In essence, the idea is to look at what is happening during the rendering process in the EUD, and identify the kind of repetitive or non-time-critical rendering processes that could be performed on the server, either at asset load time, or within an acceptable latency time frame. A bit of this is already happening on the client, like already happens when the EUD is overloaded.

And BTW, cooperative rendering is not game streaming like Google Stadia. I am personally skeptical on game streaming, as it requires extremely reliable networks with essentially very low latency and no jitter, and this is not common. On the contrary, cooperative rendering is far more network resilient, as frame rates are still locally guaranteed, albeit with the occasional reduced quality when major change happens.

With over 2,500 ATP assets in Fumbleland, and with over 5,000 entities in the domain, I know a lot of optimization will be required in the future - we are fine for the current TV production objective, as it is cheaper to buy RTX2080TIs than to optimize 100’s of objects. But looking forward to a wider VR user base, I don’t want to start optimizing until I know what my target is, and this will not happen until I actually see how Fumbleland behaves on standalones HMDs. The reality though is that this optimization requirement will never end, and I am sure I am not the only one that faces this problem. We cannot expect ordinary users to have a team of 3D artist on standby as objects are added to a domain, or when HMDs change - this needs to be a feature of the platform.

I am also quite sure this is not as easy as I put it, but neither was getting High Fidelity to what it is now. And before the comments start, let me openly state that I have a superficial understanding of what is under the hood in High Fidelity – I have not coded since the 80s and my understanding of modern rendering technology is limited. But I have been involved VR since the mid 90’s (speaker at Avatars98) and have dealt with multiple evolutionary transitions of computing in my 40 years of professional IT work. I see cooperative rendering as another evolutionary transition - the further application of cloud technologies to VR beyond server hosting. But like many, I am still surprised what Neil Stephenson wrote in 92 is still happening and current – sort of like an anthropic principle of VR.
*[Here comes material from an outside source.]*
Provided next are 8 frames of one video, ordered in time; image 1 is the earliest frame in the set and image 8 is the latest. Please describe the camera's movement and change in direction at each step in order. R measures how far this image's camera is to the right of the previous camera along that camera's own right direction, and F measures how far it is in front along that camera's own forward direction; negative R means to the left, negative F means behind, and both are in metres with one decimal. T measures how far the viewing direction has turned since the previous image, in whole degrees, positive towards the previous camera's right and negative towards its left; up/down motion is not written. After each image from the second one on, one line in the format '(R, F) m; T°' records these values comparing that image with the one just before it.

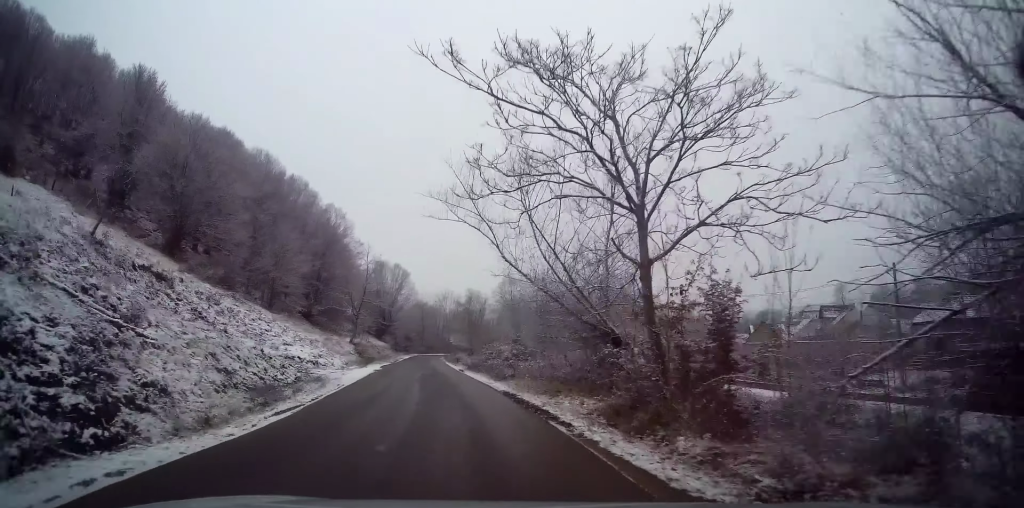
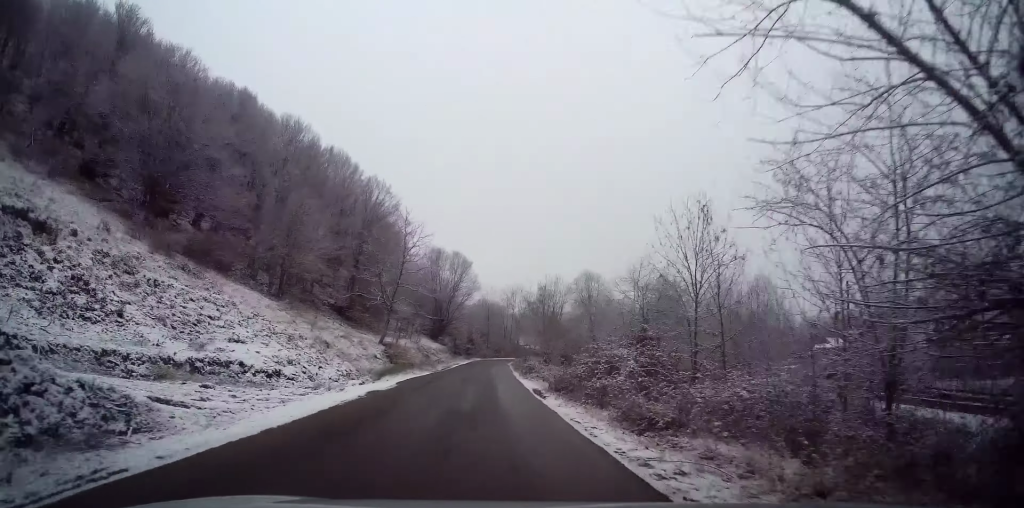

In any case, I am sure other forum members will have a better and more in-depth understanding of the subject matter, and will either complement or kill this idea :blush:


With the launch of 5G wireless internet I think this is going to become the default model for how VR worlds are served. 5G will have 1 ms latency and bi-directional network speeds of 20 GB/s - so realistically you can do 80 or 90hz with all the processing happening remotely.

That’s going to enable augmented and virtual reality with a very thin client (for low battery and weight) - basically all the processing will happen in the cloud.